We're sorry if we got you too excited with the Sherlock analogy. Internal investigations are typically more straightforward than the great detective's adventures, usually involving only interviewing parties to the alleged offense and any potential witnesses. You'll have to save the forensics for another matter.
Start at the center by interviewing the complainant. Gather any facts or perspectives that aren't revealed in the initial complaint. From there, you should speak with the alleged wrongdoer and finally any potential witnesses, including coworkers, supervisors, and occasionally non-company third parties.
Don't bring two parties together to "work it out." Don't interview a complainant in front of the alleged wrongdoer. If you need to bring the parties together, typically do it at the conclusion of your investigation only.
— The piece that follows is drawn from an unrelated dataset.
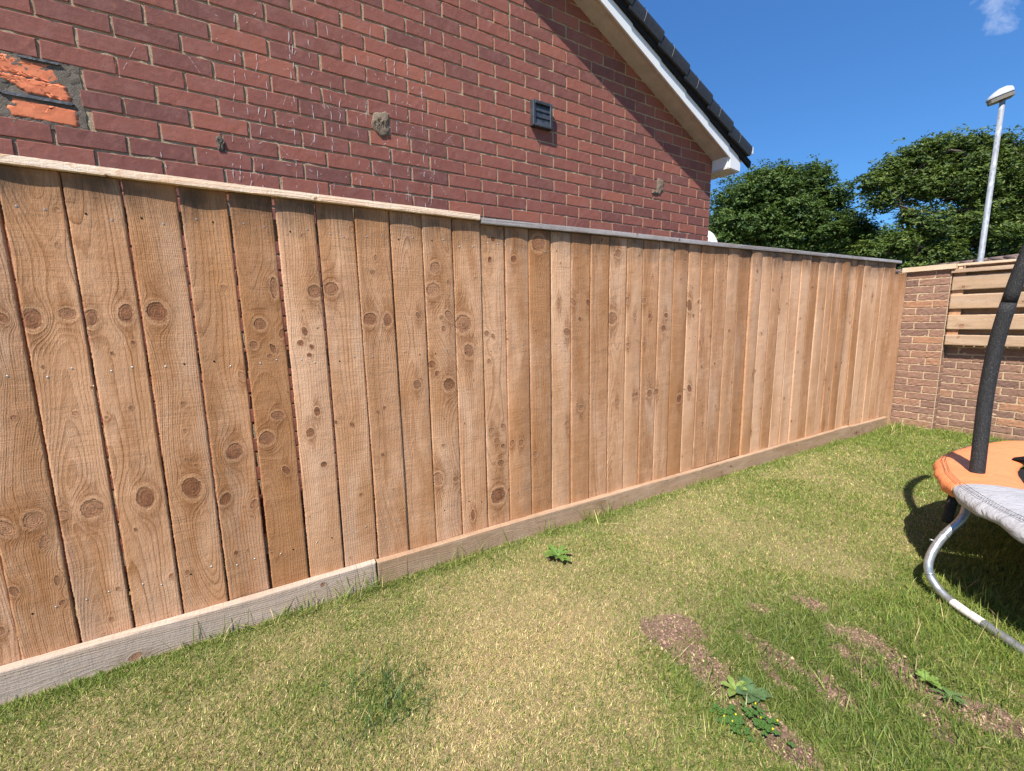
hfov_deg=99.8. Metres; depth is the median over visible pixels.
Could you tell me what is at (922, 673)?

Remind everyone who you work for, so they don't get the idea that you are representing them individually rather than working for the company itself. Remind parties and witnesses that anything they say may need to be disclosed to others in order to resolve the matter.
An investigatory interview isn't a contentious deposition, so don't treat it as such. Avoid aggressive questioning and unreasonably long interviews and try to maintain an appearance of neutrality when dealing with all parties.
You should be on the side of the company who you work for, not the complainant or alleged wrongdoer. Effectively investigating a complaint means being open to the possibility that either side is correct -- or that neither is. Siding too quickly with a party can bias your perspective, undermining the effectiveness of your investigation.
Managers and supervisors should already know that retaliating against an employee for filing a complaint or participating in an investigation is illegal. Remind them.
Follow these tips and you should be able to conduct an effective, if non-Holmesian investigation. Call it "In-House Counsel and the Adventure of the Efficient Workplace Investigation."